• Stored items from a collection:

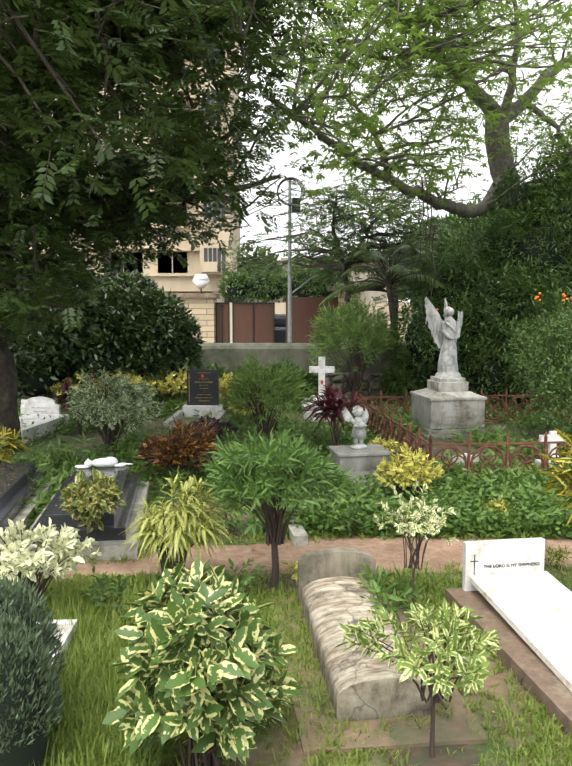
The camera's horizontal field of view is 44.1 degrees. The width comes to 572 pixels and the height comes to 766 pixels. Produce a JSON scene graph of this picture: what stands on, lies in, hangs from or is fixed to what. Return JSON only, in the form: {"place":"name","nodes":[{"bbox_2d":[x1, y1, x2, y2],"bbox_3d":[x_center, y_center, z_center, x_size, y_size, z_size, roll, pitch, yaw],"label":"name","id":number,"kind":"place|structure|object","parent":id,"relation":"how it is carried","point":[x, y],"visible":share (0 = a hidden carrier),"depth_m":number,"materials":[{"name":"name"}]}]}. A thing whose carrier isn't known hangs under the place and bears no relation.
{"place":"outdoors","nodes":[
{"label":"outdoors","id":0,"kind":"place"},
{"bbox_2d":[47,370,100,434],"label":"shrub","id":1,"kind":"object","parent":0,"point":[64,387],"depth_m":14.69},
{"bbox_2d":[59,468,126,533],"bbox_3d":[-1.955,1.190,7.146,0.670,0.690,0.714,0,6,1],"label":"croton","id":2,"kind":"object","parent":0,"point":[95,499],"depth_m":7.00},
{"bbox_2d":[5,1,240,301],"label":"apartment block","id":3,"kind":"structure","parent":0,"point":[179,282],"depth_m":42.47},
{"bbox_2d":[202,42,225,270],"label":"apartment windows","id":4,"kind":"structure","parent":3,"relation":"in","point":[216,254],"depth_m":39.76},
{"bbox_2d":[113,189,483,251],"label":"overhead cables","id":5,"kind":"object","parent":3,"relation":"attached to","point":[285,197],"visible":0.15,"depth_m":27.01,"materials":[{"name":"black paint"}]},
{"bbox_2d":[62,105,236,302],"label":"window","id":6,"kind":"structure","parent":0,"point":[230,300],"depth_m":42.61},
{"bbox_2d":[18,372,476,398],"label":"rubble wall","id":7,"kind":"structure","parent":0,"point":[341,381],"depth_m":20.64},
{"bbox_2d":[217,263,343,302],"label":"planter shrubs","id":8,"kind":"object","parent":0,"point":[244,278],"depth_m":35.71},
{"bbox_2d":[0,535,571,588],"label":"path","id":9,"kind":"structure","parent":0,"point":[441,551],"depth_m":7.56,"materials":[{"name":"earth"}]},
{"bbox_2d":[0,525,571,592],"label":"path edge grass","id":10,"kind":"structure","parent":9,"relation":"on","point":[255,538],"depth_m":7.13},
{"bbox_2d":[9,311,571,765],"bbox_3d":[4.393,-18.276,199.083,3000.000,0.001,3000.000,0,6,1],"label":"ground","id":11,"kind":"structure","parent":0,"point":[261,753],"depth_m":4.72,"materials":[{"name":"soil"}]},
{"bbox_2d":[0,477,56,544],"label":"grave curb","id":12,"kind":"structure","parent":11,"relation":"on","point":[26,511],"depth_m":8.66,"materials":[{"name":"stone"}]},
{"bbox_2d":[0,463,46,531],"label":"granite grave","id":13,"kind":"object","parent":12,"relation":"on","point":[17,494],"visible":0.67,"depth_m":9.03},
{"bbox_2d":[20,397,60,415],"bbox_3d":[-5.564,0.639,15.997,0.920,0.654,0.080,1,6,7],"label":"white headstone","id":14,"kind":"object","parent":11,"relation":"on","point":[45,403],"visible":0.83,"depth_m":15.94,"materials":[{"name":"stone"}]},
{"bbox_2d":[19,399,68,443],"bbox_3d":[-5.611,0.790,15.048,1.300,0.551,2.485,1,6,7],"label":"grave","id":15,"kind":"object","parent":11,"relation":"on","point":[42,424],"visible":0.42,"depth_m":14.82,"materials":[{"name":"stone"}]},
{"bbox_2d":[35,619,77,666],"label":"grave kerb","id":16,"kind":"structure","parent":11,"relation":"on","point":[68,627],"depth_m":5.38,"materials":[{"name":"white stone"}]},
{"bbox_2d":[50,368,103,395],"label":"variegated hedge","id":17,"kind":"object","parent":11,"relation":"on","point":[80,380],"visible":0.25,"depth_m":17.63,"materials":[{"name":"yellow plant"}]},
{"bbox_2d":[18,481,148,561],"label":"grave curb","id":18,"kind":"structure","parent":11,"relation":"on","point":[108,549],"depth_m":7.43,"materials":[{"name":"stone"}]},
{"bbox_2d":[30,467,139,543],"bbox_3d":[-2.371,1.421,8.666,0.980,0.270,2.472,-1,6,-8],"label":"granite grave","id":19,"kind":"object","parent":18,"relation":"on","point":[116,523],"visible":0.6,"depth_m":7.79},
{"bbox_2d":[75,457,126,468],"bbox_3d":[-2.557,1.098,9.775,0.728,0.144,0.160,-1,6,-12],"label":"white cat","id":20,"kind":"object","parent":19,"relation":"on","point":[106,462],"visible":1,"depth_m":9.73},
{"bbox_2d":[26,489,157,564],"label":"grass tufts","id":21,"kind":"object","parent":11,"relation":"on","point":[150,499],"visible":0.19,"depth_m":7.47,"materials":[{"name":"green plant"}]},
{"bbox_2d":[9,255,206,405],"bbox_3d":[-5.955,-1.337,18.575,7.789,4.174,4.107,-2,6,-16],"label":"bush","id":22,"kind":"object","parent":11,"relation":"on","point":[160,301],"depth_m":18.12,"materials":[{"name":"plant"}]},
{"bbox_2d":[63,367,166,455],"bbox_3d":[-3.061,0.503,12.606,1.859,1.644,1.683,0,6,1],"label":"green shrub","id":23,"kind":"object","parent":11,"relation":"on","point":[86,404],"depth_m":12.28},
{"bbox_2d":[104,361,167,396],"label":"variegated hedge","id":24,"kind":"object","parent":11,"relation":"on","point":[133,378],"visible":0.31,"depth_m":17.98,"materials":[{"name":"yellow plant"}]},
{"bbox_2d":[150,366,189,395],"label":"variegated hedge","id":25,"kind":"object","parent":11,"relation":"on","point":[171,381],"visible":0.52,"depth_m":18.09,"materials":[{"name":"yellow plant"}]},
{"bbox_2d":[7,568,337,765],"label":"grass","id":26,"kind":"structure","parent":11,"relation":"on","point":[267,615],"depth_m":5.57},
{"bbox_2d":[0,517,101,615],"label":"variegated shrub","id":27,"kind":"object","parent":26,"relation":"on","point":[29,565],"depth_m":5.94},
{"bbox_2d":[32,573,187,765],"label":"long grass","id":28,"kind":"structure","parent":26,"relation":"on","point":[80,734],"depth_m":4.61,"materials":[{"name":"plant"}]},
{"bbox_2d":[0,573,66,765],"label":"juniper bush","id":29,"kind":"object","parent":28,"relation":"on","point":[24,637],"depth_m":3.81,"materials":[{"name":"plant"}]},
{"bbox_2d":[78,566,130,611],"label":"plant","id":30,"kind":"object","parent":28,"relation":"on","point":[107,588],"depth_m":6.00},
{"bbox_2d":[118,473,234,586],"bbox_3d":[-0.998,1.408,6.580,1.130,1.099,1.041,0,6,1],"label":"dracaena shrub","id":31,"kind":"object","parent":26,"relation":"on","point":[178,531],"depth_m":6.46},
{"bbox_2d":[210,558,265,592],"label":"plant","id":32,"kind":"object","parent":26,"relation":"on","point":[247,579],"depth_m":6.42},
{"bbox_2d":[135,415,229,483],"bbox_3d":[-1.560,0.990,10.654,1.479,1.085,1.312,0,6,1],"label":"croton","id":33,"kind":"object","parent":11,"relation":"on","point":[153,448],"depth_m":10.38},
{"bbox_2d":[0,0,367,455],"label":"tree","id":34,"kind":"object","parent":11,"relation":"on","point":[73,138],"depth_m":9.28,"materials":[{"name":"plant"}]},
{"bbox_2d":[159,410,225,434],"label":"kerb","id":35,"kind":"structure","parent":11,"relation":"on","point":[177,415],"depth_m":16.17,"materials":[{"name":"stone"}]},
{"bbox_2d":[182,404,222,417],"bbox_3d":[-2.037,0.686,17.339,0.960,0.278,0.340,0,6,1],"label":"headstone base","id":36,"kind":"object","parent":11,"relation":"on","point":[189,411],"visible":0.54,"depth_m":17.17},
{"bbox_2d":[187,370,218,405],"bbox_3d":[-2.037,0.113,17.279,0.780,0.875,0.070,0,6,1],"label":"headstone","id":37,"kind":"object","parent":36,"relation":"on","point":[194,389],"visible":0.88,"depth_m":17.24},
{"bbox_2d":[102,557,303,765],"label":"variegated shrub","id":38,"kind":"object","parent":11,"relation":"on","point":[199,664],"depth_m":3.70,"materials":[{"name":"plant"}]},
{"bbox_2d":[164,749,242,765],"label":"variegated shrub soil","id":39,"kind":"structure","parent":11,"relation":"on","point":[238,762],"depth_m":4.11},
{"bbox_2d":[219,530,243,538],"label":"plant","id":40,"kind":"object","parent":11,"relation":"on","point":[236,535],"visible":0.27,"depth_m":8.26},
{"bbox_2d":[219,371,257,411],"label":"variegated hedge","id":41,"kind":"object","parent":11,"relation":"on","point":[222,386],"visible":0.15,"depth_m":17.67,"materials":[{"name":"yellow plant"}]},
{"bbox_2d":[241,574,297,605],"bbox_3d":[-0.111,1.942,6.656,0.772,0.001,0.792,0,6,1],"label":"oleander soil patch","id":42,"kind":"object","parent":11,"relation":"on","point":[293,585],"depth_m":6.76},
{"bbox_2d":[225,353,316,442],"bbox_3d":[-0.271,0.339,13.137,1.756,1.857,1.823,0,6,1],"label":"oleander shrub","id":43,"kind":"object","parent":11,"relation":"on","point":[287,386],"depth_m":12.88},
{"bbox_2d":[261,669,292,727],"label":"plant","id":44,"kind":"object","parent":11,"relation":"on","point":[285,698],"depth_m":4.48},
{"bbox_2d":[200,425,355,589],"bbox_3d":[-0.051,1.157,6.517,1.474,1.612,1.327,0,6,1],"label":"oleander shrub","id":45,"kind":"object","parent":11,"relation":"on","point":[275,464],"depth_m":6.26,"materials":[{"name":"plant"}]},
{"bbox_2d":[1,389,571,539],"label":"ground cover","id":46,"kind":"object","parent":11,"relation":"on","point":[324,445],"visible":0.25,"depth_m":12.68,"materials":[{"name":"green plant"}]},
{"bbox_2d":[0,424,29,462],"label":"croton","id":47,"kind":"object","parent":46,"relation":"on","point":[7,439],"visible":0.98,"depth_m":10.32,"materials":[{"name":"yellow plant"}]},
{"bbox_2d":[453,453,478,475],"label":"flowers","id":48,"kind":"object","parent":46,"relation":"on","point":[476,459],"visible":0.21,"depth_m":10.60,"materials":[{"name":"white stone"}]},
{"bbox_2d":[2,388,571,539],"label":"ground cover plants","id":49,"kind":"object","parent":11,"relation":"on","point":[65,452],"visible":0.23,"depth_m":11.77,"materials":[{"name":"green plant"}]},
{"bbox_2d":[226,392,277,416],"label":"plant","id":50,"kind":"object","parent":49,"relation":"on","point":[235,409],"visible":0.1,"depth_m":15.90,"materials":[{"name":"yellow plant"}]},
{"bbox_2d":[282,560,297,581],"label":"plant","id":51,"kind":"object","parent":11,"relation":"on","point":[295,575],"depth_m":6.61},
{"bbox_2d":[283,506,307,546],"bbox_3d":[0.001,1.649,8.935,0.160,0.120,2.200,-1,6,-9],"label":"stone block","id":52,"kind":"object","parent":11,"relation":"on","point":[298,536],"visible":0.36,"depth_m":7.94,"materials":[{"name":"stone"}]},
{"bbox_2d":[187,343,460,372],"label":"parapet wall","id":53,"kind":"structure","parent":11,"relation":"on","point":[228,356],"depth_m":21.33,"materials":[{"name":"paint"}]},
{"bbox_2d":[301,357,349,421],"bbox_3d":[0.950,0.103,17.582,1.050,1.387,2.300,0,6,-1],"label":"cross gravestone","id":54,"kind":"object","parent":11,"relation":"on","point":[321,369],"visible":0.44,"depth_m":18.44,"materials":[{"name":"stone"}]},
{"bbox_2d":[297,384,372,445],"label":"red-leaved plant","id":55,"kind":"object","parent":11,"relation":"on","point":[331,401],"depth_m":12.48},
{"bbox_2d":[305,291,408,399],"bbox_3d":[1.984,-0.974,19.590,2.967,3.118,2.704,0,6,1],"label":"oleander shrub","id":56,"kind":"object","parent":11,"relation":"on","point":[379,341],"depth_m":19.17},
{"bbox_2d":[301,576,433,721],"bbox_3d":[0.548,1.921,5.346,0.640,0.269,1.726,-1,6,-6],"label":"barrel tomb","id":57,"kind":"object","parent":11,"relation":"on","point":[367,687],"visible":0.65,"depth_m":4.76,"materials":[{"name":"stone"}]},
{"bbox_2d":[284,597,457,733],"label":"grass","id":58,"kind":"structure","parent":11,"relation":"on","point":[383,725],"depth_m":4.54,"materials":[{"name":"green plant"}]},
{"bbox_2d":[327,444,421,505],"bbox_3d":[1.328,1.352,10.304,0.860,0.425,2.540,-1,6,-11],"label":"statue pedestal","id":59,"kind":"object","parent":11,"relation":"on","point":[362,462],"visible":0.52,"depth_m":10.90,"materials":[{"name":"stone"}]},
{"bbox_2d":[350,406,367,449],"bbox_3d":[1.159,0.717,11.192,0.286,0.701,0.288,-1,6,-11],"label":"cherub statue","id":60,"kind":"object","parent":59,"relation":"on","point":[359,422],"visible":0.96,"depth_m":11.14,"materials":[{"name":"stone"}]},
{"bbox_2d":[343,406,368,422],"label":"cherub wings","id":61,"kind":"object","parent":60,"relation":"attached to","point":[347,416],"visible":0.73,"depth_m":11.30},
{"bbox_2d":[272,593,488,755],"bbox_3d":[0.550,2.073,5.337,1.140,0.030,2.226,-1,6,-6],"label":"grave base","id":62,"kind":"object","parent":11,"relation":"on","point":[454,731],"depth_m":4.42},
{"bbox_2d":[298,547,375,605],"bbox_3d":[0.449,1.730,6.259,0.680,0.519,0.110,-1,6,-6],"label":"headstone","id":63,"kind":"object","parent":62,"relation":"on","point":[313,565],"visible":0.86,"depth_m":6.19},
{"bbox_2d":[368,436,399,453],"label":"yellow shrub","id":64,"kind":"object","parent":11,"relation":"on","point":[382,443],"depth_m":11.73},
{"bbox_2d":[211,463,571,539],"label":"ground cover","id":65,"kind":"object","parent":11,"relation":"on","point":[446,488],"visible":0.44,"depth_m":8.60,"materials":[{"name":"green plant"}]},
{"bbox_2d":[212,496,250,535],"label":"plant","id":66,"kind":"object","parent":65,"relation":"on","point":[234,513],"depth_m":8.15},
{"bbox_2d":[330,505,366,536],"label":"plant","id":67,"kind":"object","parent":65,"relation":"on","point":[349,519],"depth_m":8.18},
{"bbox_2d":[374,442,444,499],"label":"yellow shrub","id":68,"kind":"object","parent":65,"relation":"on","point":[406,473],"depth_m":9.19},
{"bbox_2d":[419,490,470,518],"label":"plant","id":69,"kind":"object","parent":65,"relation":"on","point":[460,505],"depth_m":8.41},
{"bbox_2d":[482,494,515,515],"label":"plant","id":70,"kind":"object","parent":65,"relation":"on","point":[498,505],"depth_m":8.76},
{"bbox_2d":[357,563,426,620],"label":"plant","id":71,"kind":"object","parent":11,"relation":"on","point":[393,587],"depth_m":5.81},
{"bbox_2d":[319,244,466,400],"bbox_3d":[2.960,-1.650,19.859,4.092,4.438,3.324,0,6,1],"label":"palm","id":72,"kind":"object","parent":11,"relation":"on","point":[410,281],"depth_m":19.57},
{"bbox_2d":[238,0,571,230],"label":"kapok tree","id":73,"kind":"object","parent":11,"relation":"on","point":[427,7],"depth_m":15.42,"materials":[{"name":"plant"}]},
{"bbox_2d":[418,176,435,337],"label":"hanging vines","id":74,"kind":"object","parent":73,"relation":"attached to","point":[429,235],"visible":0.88,"depth_m":17.82,"materials":[{"name":"green plant"}]},
{"bbox_2d":[333,596,501,757],"bbox_3d":[0.755,1.769,4.073,0.971,0.901,0.970,0,6,1],"label":"variegated shrub","id":75,"kind":"object","parent":11,"relation":"on","point":[479,648],"depth_m":4.02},
{"bbox_2d":[386,744,479,765],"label":"stone slab","id":76,"kind":"structure","parent":11,"relation":"on","point":[421,757],"depth_m":4.16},
{"bbox_2d":[321,569,571,765],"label":"grass","id":77,"kind":"structure","parent":11,"relation":"on","point":[532,751],"depth_m":4.42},
{"bbox_2d":[372,479,458,604],"bbox_3d":[1.130,1.433,6.191,0.711,1.126,0.706,0,6,1],"label":"variegated shrub","id":78,"kind":"object","parent":77,"relation":"on","point":[413,527],"depth_m":6.21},
{"bbox_2d":[369,423,571,477],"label":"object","id":79,"kind":"structure","parent":11,"relation":"on","point":[463,448],"depth_m":14.04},
{"bbox_2d":[405,376,490,438],"bbox_3d":[3.420,0.469,14.990,1.389,1.202,1.389,-1,6,-9],"label":"statue pedestal","id":80,"kind":"object","parent":79,"relation":"on","point":[436,401],"visible":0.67,"depth_m":14.47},
{"bbox_2d":[435,316,460,377],"bbox_3d":[3.428,-0.776,14.844,0.540,1.305,0.524,-3,7,-25],"label":"angel body","id":81,"kind":"object","parent":80,"relation":"on","point":[447,365],"visible":0.81,"depth_m":14.74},
{"bbox_2d":[424,297,447,348],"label":"angel wings","id":82,"kind":"object","parent":81,"relation":"attached to","point":[433,319],"visible":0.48,"depth_m":14.90},
{"bbox_2d":[443,306,453,316],"bbox_3d":[3.436,-1.492,14.794,0.220,0.230,0.203,-3,7,-25],"label":"statue head","id":83,"kind":"object","parent":81,"relation":"attached to","point":[448,311],"visible":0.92,"depth_m":14.75},
{"bbox_2d":[441,318,459,342],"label":"angel arms","id":84,"kind":"object","parent":81,"relation":"attached to","point":[444,331],"visible":0.73,"depth_m":14.69},
{"bbox_2d":[454,311,462,337],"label":"palm frond","id":85,"kind":"object","parent":84,"relation":"in","point":[459,313],"visible":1,"depth_m":14.74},
{"bbox_2d":[354,388,571,473],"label":"iron fence frame","id":86,"kind":"object","parent":79,"relation":"on","point":[507,443],"visible":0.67,"depth_m":11.44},
{"bbox_2d":[355,396,571,477],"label":"iron fence scrolls","id":87,"kind":"object","parent":86,"relation":"attached to","point":[411,445],"visible":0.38,"depth_m":11.55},
{"bbox_2d":[505,297,571,447],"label":"bush","id":88,"kind":"object","parent":79,"relation":"on","point":[556,380],"visible":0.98,"depth_m":13.19,"materials":[{"name":"green plant"}]},
{"bbox_2d":[535,431,563,466],"bbox_3d":[4.448,1.103,11.786,0.460,0.610,0.340,-1,6,-9],"label":"cross","id":89,"kind":"object","parent":79,"relation":"on","point":[552,436],"visible":0.31,"depth_m":11.74,"materials":[{"name":"white stone"}]},
{"bbox_2d":[386,124,571,412],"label":"hedge","id":90,"kind":"object","parent":11,"relation":"on","point":[523,216],"depth_m":18.75,"materials":[{"name":"plant"}]},
{"bbox_2d":[409,230,571,383],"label":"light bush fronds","id":91,"kind":"object","parent":90,"relation":"attached to","point":[548,291],"visible":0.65,"depth_m":18.04,"materials":[{"name":"green plant"}]},
{"bbox_2d":[426,595,571,751],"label":"grave tufts","id":92,"kind":"object","parent":11,"relation":"on","point":[498,669],"visible":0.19,"depth_m":4.79,"materials":[{"name":"green plant"}]},
{"bbox_2d":[445,588,571,739],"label":"grave base","id":93,"kind":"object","parent":11,"relation":"on","point":[526,663],"depth_m":5.10,"materials":[{"name":"brown stone"}]},
{"bbox_2d":[462,537,544,590],"bbox_3d":[1.968,1.696,6.382,0.754,0.562,0.060,-1,6,-9],"label":"headstone","id":94,"kind":"object","parent":93,"relation":"on","point":[506,552],"visible":0.58,"depth_m":6.33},
{"bbox_2d":[469,571,571,691],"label":"grave slab","id":95,"kind":"structure","parent":93,"relation":"on","point":[533,610],"depth_m":5.67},
{"bbox_2d":[538,428,571,526],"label":"spiky plant","id":96,"kind":"object","parent":11,"relation":"on","point":[562,473],"depth_m":6.17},
{"bbox_2d":[544,542,571,570],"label":"plant","id":97,"kind":"object","parent":11,"relation":"on","point":[554,553],"depth_m":7.14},
{"label":"soil patch of purple plants","id":98,"kind":"object","parent":11,"relation":"on","visible":0},
{"bbox_2d":[191,415,238,442],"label":"purple plants","id":99,"kind":"object","parent":98,"relation":"on","point":[216,423],"visible":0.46,"depth_m":13.89,"materials":[{"name":"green plant"}]},
{"bbox_2d":[18,457,564,539],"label":"grass","id":100,"kind":"structure","parent":0,"point":[515,536],"depth_m":8.95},
{"bbox_2d":[40,431,568,765],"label":"leaf litter ground","id":101,"kind":"structure","parent":0,"point":[478,748],"depth_m":7.25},
{"bbox_2d":[203,359,426,403],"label":"shrubs","id":102,"kind":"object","parent":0,"point":[388,382],"depth_m":19.42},
{"bbox_2d":[93,535,565,576],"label":"grass tufts","id":103,"kind":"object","parent":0,"point":[316,549],"depth_m":7.57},
{"bbox_2d":[239,0,571,302],"label":"sky","id":104,"kind":"structure","parent":0,"point":[281,159],"materials":[{"name":"white"}]},
{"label":"street pavement","id":105,"kind":"structure","parent":0,"visible":0},
{"bbox_2d":[180,291,360,342],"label":"gate pillars","id":106,"kind":"structure","parent":105,"relation":"on","point":[203,310],"depth_m":27.19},
{"bbox_2d":[192,274,209,288],"bbox_3d":[-3.323,-3.963,27.571,0.720,0.540,0.720,0,6,1],"label":"globe lamp","id":107,"kind":"object","parent":106,"relation":"on","point":[200,281],"visible":1,"depth_m":27.34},
{"bbox_2d":[217,304,227,342],"bbox_3d":[-2.487,-2.235,27.734,0.557,1.855,0.050,0,6,1],"label":"gate leaf","id":108,"kind":"object","parent":106,"relation":"attached to","point":[219,323],"visible":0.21,"depth_m":27.70,"materials":[{"name":"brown wood"}]},
{"bbox_2d":[215,302,229,342],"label":"gate","id":109,"kind":"structure","parent":108,"relation":"attached to","point":[222,303],"depth_m":27.66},
{"bbox_2d":[232,304,272,342],"bbox_3d":[-1.276,-2.244,27.822,1.672,1.855,0.051,-1,6,-7],"label":"gate leaf","id":110,"kind":"object","parent":106,"relation":"attached to","point":[243,323],"visible":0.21,"depth_m":27.79,"materials":[{"name":"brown wood"}]},
{"bbox_2d":[232,302,274,342],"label":"gate","id":111,"kind":"structure","parent":110,"relation":"attached to","point":[253,303],"depth_m":27.73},
{"bbox_2d":[170,281,357,298],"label":"gate pillar caps","id":112,"kind":"object","parent":106,"relation":"on","point":[200,295],"visible":0.42,"depth_m":26.98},
{"bbox_2d":[286,297,337,342],"bbox_3d":[1.017,-2.319,27.573,2.053,2.056,0.050,0,6,-3],"label":"gate leaf","id":113,"kind":"object","parent":106,"relation":"attached to","point":[304,309],"visible":0.36,"depth_m":27.51,"materials":[{"name":"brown wood"}]},
{"bbox_2d":[275,314,285,342],"bbox_3d":[-0.087,-2.335,31.390,1.820,1.450,4.200,0,6,1],"label":"parked car","id":114,"kind":"object","parent":105,"relation":"on","point":[280,328],"visible":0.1,"depth_m":29.35,"materials":[{"name":"black paint"}]},
{"bbox_2d":[167,303,411,341],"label":"compound wall","id":115,"kind":"structure","parent":105,"relation":"on","point":[280,308],"depth_m":35.59,"materials":[{"name":"paint"}]},
{"bbox_2d":[288,180,339,342],"bbox_3d":[1.042,-4.123,25.616,1.952,6.213,1.114,0,6,1],"label":"street light pole","id":116,"kind":"object","parent":105,"relation":"on","point":[290,292],"visible":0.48,"depth_m":25.18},
{"bbox_2d":[277,177,304,205],"bbox_3d":[0.173,-6.714,24.750,0.998,0.998,0.076,0,6,1],"label":"pole cable coil","id":117,"kind":"object","parent":116,"relation":"attached to","point":[290,178],"visible":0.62,"depth_m":24.71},
{"bbox_2d":[292,198,300,212],"bbox_3d":[0.354,-6.254,24.832,0.314,0.500,0.252,0,6,1],"label":"street lamp box","id":118,"kind":"object","parent":116,"relation":"attached to","point":[294,209],"visible":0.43,"depth_m":24.74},
{"bbox_2d":[244,258,386,302],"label":"houses","id":119,"kind":"structure","parent":105,"relation":"on","point":[368,295],"depth_m":66.13,"materials":[{"name":"paint"}]},
{"bbox_2d":[216,171,487,342],"bbox_3d":[2.284,-4.168,25.441,10.151,6.344,8.583,0,6,1],"label":"street tree","id":120,"kind":"object","parent":105,"relation":"on","point":[337,243],"depth_m":23.80,"materials":[{"name":"plant"}]},
{"bbox_2d":[232,199,497,316],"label":"trees","id":121,"kind":"object","parent":105,"relation":"on","point":[262,254],"depth_m":47.80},
{"bbox_2d":[346,223,424,326],"bbox_3d":[3.786,-3.392,25.853,3.666,4.742,3.993,0,6,1],"label":"tree","id":122,"kind":"object","parent":105,"relation":"on","point":[397,302],"visible":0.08,"depth_m":25.57,"materials":[{"name":"plant"}]},
{"bbox_2d":[341,225,435,275],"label":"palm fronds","id":123,"kind":"object","parent":122,"relation":"attached to","point":[393,241],"visible":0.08,"depth_m":25.01,"materials":[{"name":"green plant"}]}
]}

• PROBLEM REQUIREMENTS:
Search the entries for the word "pole" and show every line that has it.

• OUTPUT BELOW:
{"bbox_2d":[288,180,339,342],"bbox_3d":[1.042,-4.123,25.616,1.952,6.213,1.114,0,6,1],"label":"street light pole","id":116,"kind":"object","parent":105,"relation":"on","point":[290,292],"visible":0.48,"depth_m":25.18},
{"bbox_2d":[277,177,304,205],"bbox_3d":[0.173,-6.714,24.750,0.998,0.998,0.076,0,6,1],"label":"pole cable coil","id":117,"kind":"object","parent":116,"relation":"attached to","point":[290,178],"visible":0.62,"depth_m":24.71},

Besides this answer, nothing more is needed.